The biggest concession made by the administration today was on the financing of the trust fund that would handle the four-year transition of some 40 domestic programs from federal to state control. Originally, Reagan suggested it be financed by about $11 billion of federal excise taxes and $17 billion from the oil windfall profits tax.

States complained that the windfall tax would expire by 1991 and leave them holding the bag. Stockman and Williamson repeatedly said Reagan was ready to consider "other alternatives" on that, mentioning specifically and favorably a proposal by Sen. David F. Durenberger (R-Minn.) that would use federal income tax revenues, instead of the windfall profits taxes, for the fund.

The legislators' resolution praising Reagan came after heavy lobbying by White House aides. They were able to pick up support from southern Democrats while holding Republican legislators solidly in line behind the resolution that gave qualified support to the administration's federalism initiative.

A Democrat, Richard S. Hodes, the majority leader of the Florida House, sponsored the resolution. He made it clear he was doing so even though he had some strong reservations.

Industrial state Democratic legislators had tried to tie the federalism issue to the controversy over the Reagan cuts.

"There's crystal disaster facing all of us down the road," said New York Assemblyman William F. Passannante (D). He urged unsuccessfully that they call for reductions in military spending, a restructuring of the administration's corporate tax program and an end to cuts in domestic programs.

But, clearly, the $10 billion in cuts in federal aid to state and local governments were of concern to both Republicans and Democrats. NCSL President Ross Doyen, the Republican president of the Kansas Senate, had joined with Passannante in a statement released earlier this month, saying the legislators could not accept the new cuts Reagan proposed because they would have an "adverse effect on our ability to cope with citizen needs."
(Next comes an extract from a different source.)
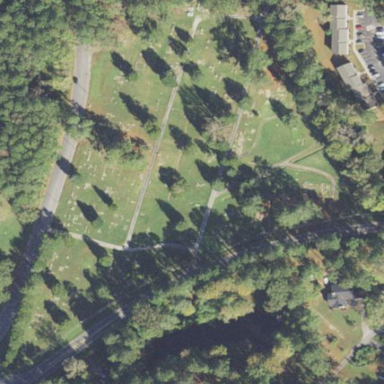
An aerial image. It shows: Cemetery.
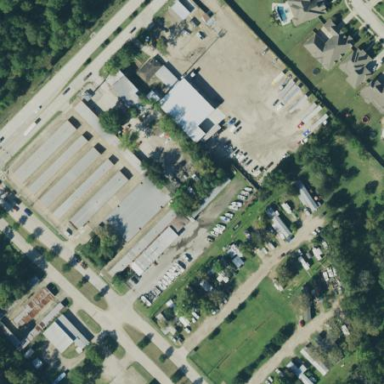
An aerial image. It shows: Residential area with mobile homes.
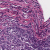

Yesterday, South Carolina Gov. Richard W. Riley (D) told Stockman that unless Reagan curbs federal deficits, he is just offering the states "borrowed dollars to meet real responsibilities."

When Stockman replied that "if we make the federalism initiative hostage to a balanced budget, we will have a long wait coming," New Hampshire Gov. Hugh Gallen (D) accused him of "changing the philosophy of your party" that deficits are dangerous.